* _ABOUT THIS EXERCISE_
Please repeat every entry, keeping each one exactly the same.

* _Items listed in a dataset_
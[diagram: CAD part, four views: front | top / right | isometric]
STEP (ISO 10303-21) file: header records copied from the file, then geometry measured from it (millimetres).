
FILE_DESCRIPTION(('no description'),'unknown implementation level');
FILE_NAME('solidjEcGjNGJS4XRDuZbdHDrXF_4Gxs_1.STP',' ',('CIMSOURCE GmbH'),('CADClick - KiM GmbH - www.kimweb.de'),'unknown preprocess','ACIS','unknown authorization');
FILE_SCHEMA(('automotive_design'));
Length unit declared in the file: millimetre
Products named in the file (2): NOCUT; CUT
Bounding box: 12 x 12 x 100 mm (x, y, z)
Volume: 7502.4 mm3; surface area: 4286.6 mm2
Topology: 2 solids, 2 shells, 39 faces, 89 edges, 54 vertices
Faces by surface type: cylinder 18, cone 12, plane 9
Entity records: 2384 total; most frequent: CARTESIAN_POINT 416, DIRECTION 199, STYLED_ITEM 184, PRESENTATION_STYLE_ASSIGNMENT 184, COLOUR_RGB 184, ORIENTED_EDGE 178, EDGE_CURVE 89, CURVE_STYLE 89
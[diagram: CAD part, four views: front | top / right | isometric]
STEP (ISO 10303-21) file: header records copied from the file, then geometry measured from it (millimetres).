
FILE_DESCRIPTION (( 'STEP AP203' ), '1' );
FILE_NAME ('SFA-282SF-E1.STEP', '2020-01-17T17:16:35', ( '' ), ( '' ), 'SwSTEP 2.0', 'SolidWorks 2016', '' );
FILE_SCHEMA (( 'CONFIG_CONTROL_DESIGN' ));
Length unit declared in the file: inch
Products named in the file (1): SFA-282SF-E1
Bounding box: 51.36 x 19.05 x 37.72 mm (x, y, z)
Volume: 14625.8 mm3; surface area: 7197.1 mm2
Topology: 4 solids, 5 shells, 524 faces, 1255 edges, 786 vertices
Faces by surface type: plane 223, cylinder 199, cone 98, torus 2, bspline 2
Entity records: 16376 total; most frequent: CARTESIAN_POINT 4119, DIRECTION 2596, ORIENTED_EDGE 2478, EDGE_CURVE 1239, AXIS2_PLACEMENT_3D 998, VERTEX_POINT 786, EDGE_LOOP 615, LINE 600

* _PROBLEM SOLUTION_
[diagram: CAD part, four views: front | top / right | isometric]
STEP (ISO 10303-21) file: header records copied from the file, then geometry measured from it (millimetres).
FILE_DESCRIPTION(('no description'),'unknown implementation level');
FILE_NAME('solidjEcGjNGJS4XRDuZbdHDrXF_4Gxs_1.STP',' ',('CIMSOURCE GmbH'),('CADClick - KiM GmbH - www.kimweb.de'),'unknown preprocess','ACIS','unknown authorization');
FILE_SCHEMA(('automotive_design'));
Length unit declared in the file: millimetre
Products named in the file (2): NOCUT; CUT
Bounding box: 12 x 12 x 100 mm (x, y, z)
Volume: 7502.4 mm3; surface area: 4286.6 mm2
Topology: 2 solids, 2 shells, 39 faces, 89 edges, 54 vertices
Faces by surface type: cylinder 18, cone 12, plane 9
Entity records: 2384 total; most frequent: CARTESIAN_POINT 416, DIRECTION 199, STYLED_ITEM 184, PRESENTATION_STYLE_ASSIGNMENT 184, COLOUR_RGB 184, ORIENTED_EDGE 178, EDGE_CURVE 89, CURVE_STYLE 89
[diagram: CAD part, four views: front | top / right | isometric]
STEP (ISO 10303-21) file: header records copied from the file, then geometry measured from it (millimetres).
FILE_DESCRIPTION (( 'STEP AP203' ), '1' );
FILE_NAME ('SFA-282SF-E1.STEP', '2020-01-17T17:16:35', ( '' ), ( '' ), 'SwSTEP 2.0', 'SolidWorks 2016', '' );
FILE_SCHEMA (( 'CONFIG_CONTROL_DESIGN' ));
Length unit declared in the file: inch
Products named in the file (1): SFA-282SF-E1
Bounding box: 51.36 x 19.05 x 37.72 mm (x, y, z)
Volume: 14625.8 mm3; surface area: 7197.1 mm2
Topology: 4 solids, 5 shells, 524 faces, 1255 edges, 786 vertices
Faces by surface type: plane 223, cylinder 199, cone 98, torus 2, bspline 2
Entity records: 16376 total; most frequent: CARTESIAN_POINT 4119, DIRECTION 2596, ORIENTED_EDGE 2478, EDGE_CURVE 1239, AXIS2_PLACEMENT_3D 998, VERTEX_POINT 786, EDGE_LOOP 615, LINE 600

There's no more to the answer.